Data excerpts>
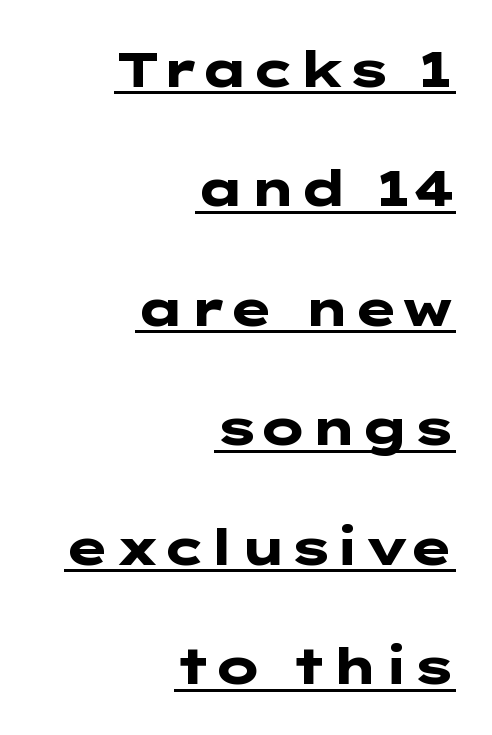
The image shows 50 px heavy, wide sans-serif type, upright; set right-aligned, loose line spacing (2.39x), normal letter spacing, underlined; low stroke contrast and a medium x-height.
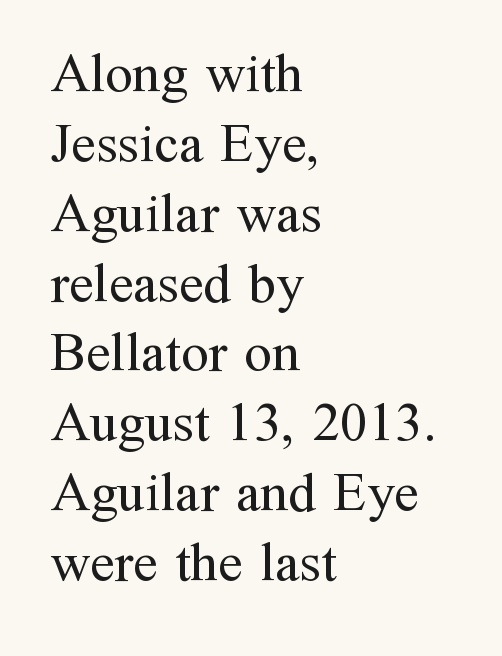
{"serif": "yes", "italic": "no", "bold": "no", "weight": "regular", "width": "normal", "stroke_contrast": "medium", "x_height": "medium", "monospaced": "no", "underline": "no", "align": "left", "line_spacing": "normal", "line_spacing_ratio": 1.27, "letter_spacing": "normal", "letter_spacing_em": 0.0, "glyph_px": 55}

---

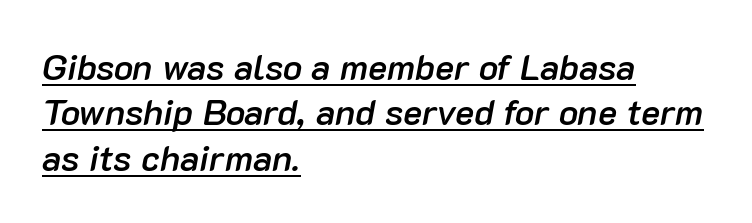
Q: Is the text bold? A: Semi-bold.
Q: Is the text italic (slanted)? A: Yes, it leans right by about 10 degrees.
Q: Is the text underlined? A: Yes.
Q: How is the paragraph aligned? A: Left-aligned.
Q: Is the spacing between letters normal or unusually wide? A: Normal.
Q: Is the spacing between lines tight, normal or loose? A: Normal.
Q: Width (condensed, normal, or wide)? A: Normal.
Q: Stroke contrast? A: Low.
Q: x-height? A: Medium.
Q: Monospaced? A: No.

Exercise aim>
Given the records above, restate word for word only the lines starting at the one with "Q: Is the spacing between lines" and ending at the one with "Q: Monospaced? A: No.".

Response area>
Q: Is the spacing between lines tight, normal or loose? A: Normal.
Q: Width (condensed, normal, or wide)? A: Normal.
Q: Stroke contrast? A: Low.
Q: x-height? A: Medium.
Q: Monospaced? A: No.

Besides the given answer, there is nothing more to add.